Wave2Letter+

Model

This is a fully convolutional model, based on Facebook’s Wave2Letter and Wave2LetterV2 papers. The model consists of 17 1D-Convolutional Layers and 2 Fully Connected Layers:

../_images/wave2letter.png

We preprocess the speech signal by sampling the raw audio waveform of the signal using a sliding window of 20ms with stride 10ms. We then extract log-mel filterbank energies of size 64 from these frames as input features to the model.

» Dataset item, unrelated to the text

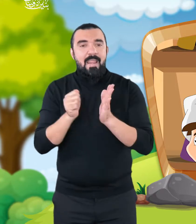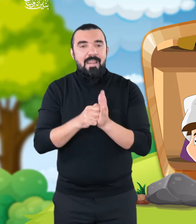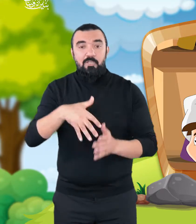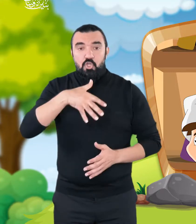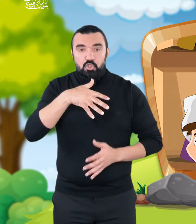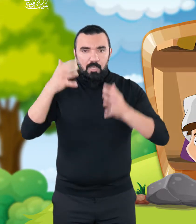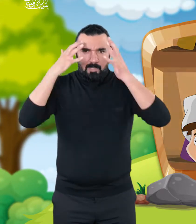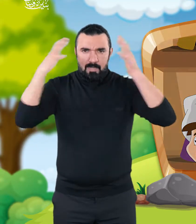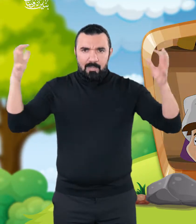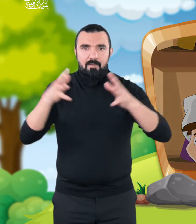هيا

We use Connectionist Temporal Classification (CTC) loss to train the model. The output of the model is a sequence of letters corresponding to the speech input. The vocabulary consists of all alphabets (a-z), space, and the apostrophe symbol, a total of 29 symbols including the blank symbol used by the CTC loss.

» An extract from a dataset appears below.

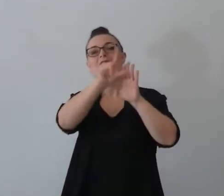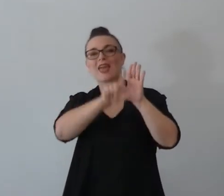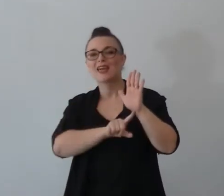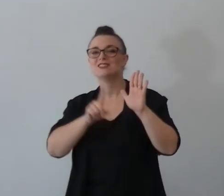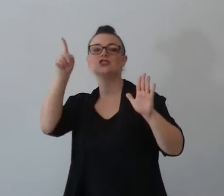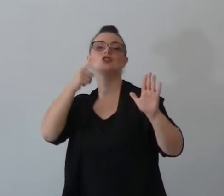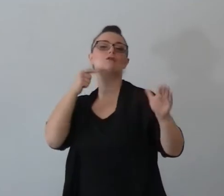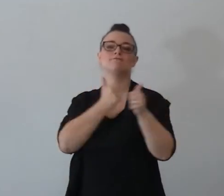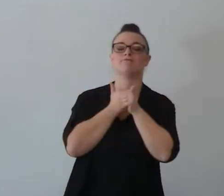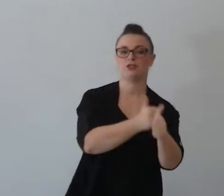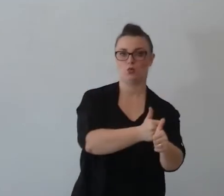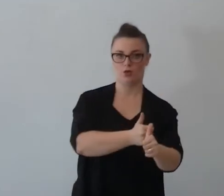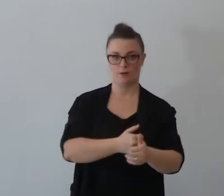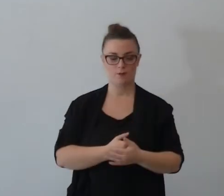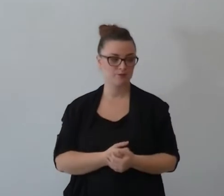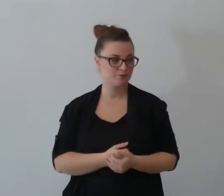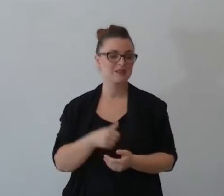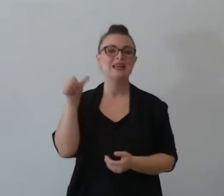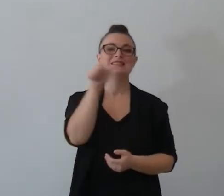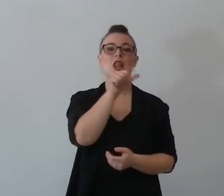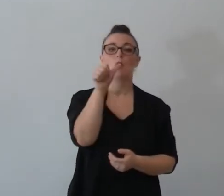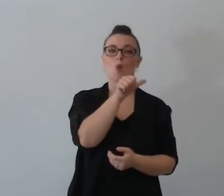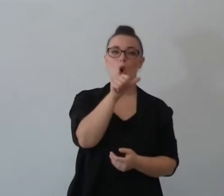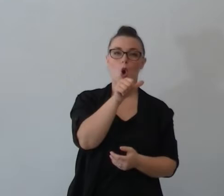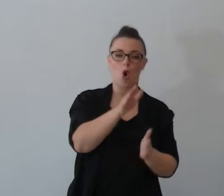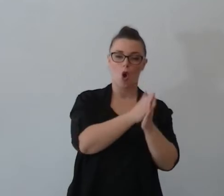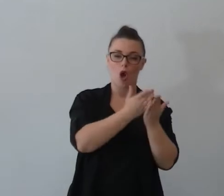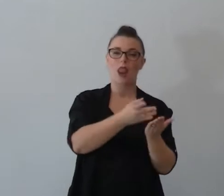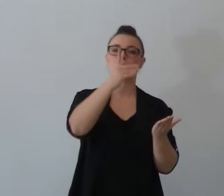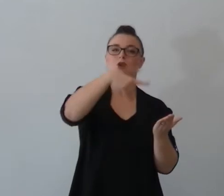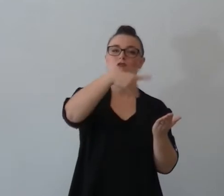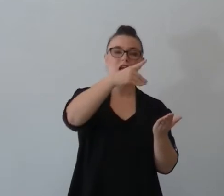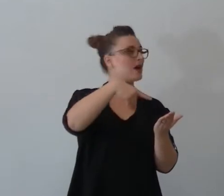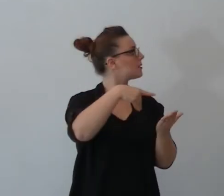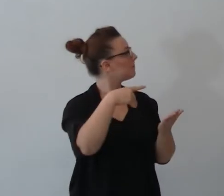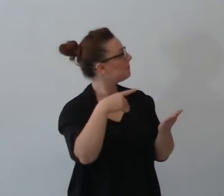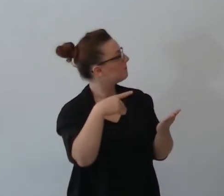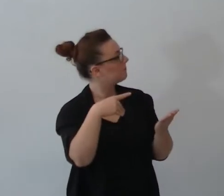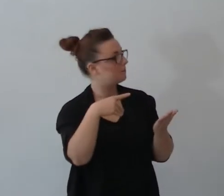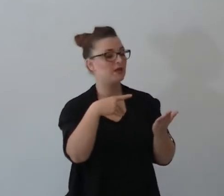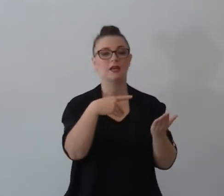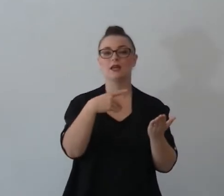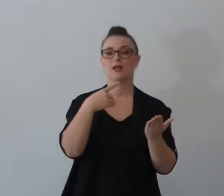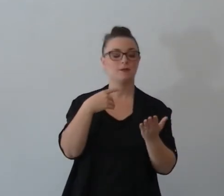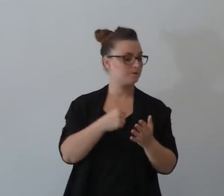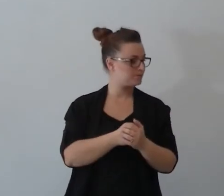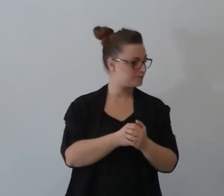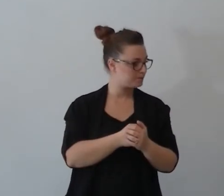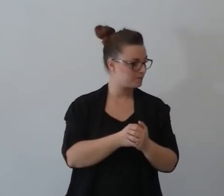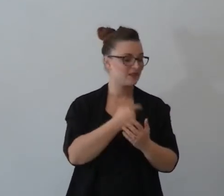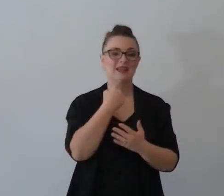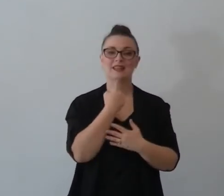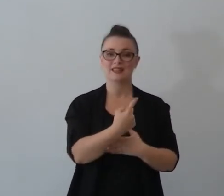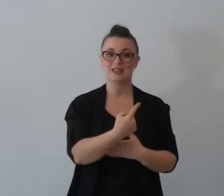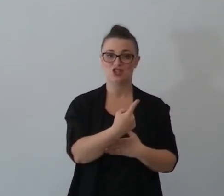Salomone in Proverbi 19-21 dice ci sono molti disegni del cuore dell'uomo ma il piano di Dio è quello

We made the following changes to the original Wave2letter model:

  • Clipped ReLU instead of Gated Linear Unit (GLU): ReLU allowed to almost half the number of model parameters, without decreasing the Word Error Rate (WER).
  • Batch normalization(BN) instead of weight normalization (WN): we found that BN is more stable than WN, and the model is less sensitive to the weight intialziation.
  • The CTC loss instead of the Auto SeGmentation (ASG).
  • LARC instead of gradient clipping.

In addition to this, we use stride 2 in the first convolutional layer. This decreased the time (T) dimension of the sequence, which reduced the model footprint and improved the training time by ~1.6x. We have also observed a slight improvement after adding a dilation 2 for the last convolutional layer to increase the receptive-field of the model. Both striding and dilation improved the WER from 7.17% to 6.67%.

Training

We achieved a WER of 6.58 (the WER in the paper is 6.7) on the librispeech test-clean dataset using greedy decoding:

LibriSpeech Dataset WER %, Greedy Decoding WER %, Beam Search: 2048
dev-clean 6.67% 4.75%
test-clean 6.58% 4.94%
dev-other 18.67% 13.87%
test-other 19.61% 15.06%

We used Open SLR language model while decoding with beam search using a beam width of 2048, alpha of 2.5, beta of 0.

The checkpoint for the model trained using the configuration w2l_plus_large_mp can be found at Checkpoint.

Our best model was trained for 200 epochs on 8 GPUs. We use:

  • SGD with momentum = 0.9
  • a learning rate with polynomial decay using an initial learning rate of 0.05
  • Layer-wise Adative Rate Control (LARC) with eta = 0.001
  • weight-decay = 0.001
  • dropout (varible per layer: 0.2-0.4)
  • batch size of 32 per GPU for float32 and 64 for mixed-precision.

Mixed Precision

To use mixed precision (float16) during training we made a few minor changes to the model. Tensorflow by default calls Keras Batch Normalization on 3D input (BxTxC) and cuDNN on 4D input (BxHxWxC). In order to use cuDNN’s BN we added an extra dimension to the 3D input to make it a 4D tensor (BxTx1xC).

The mixed precison model reached the same WER for the same number of steps as float32. The training time decreased by ~1.5x on 8-GPU DGX1 system, and by ~3x on 1-GPU and 4-GPUs when using Horovod.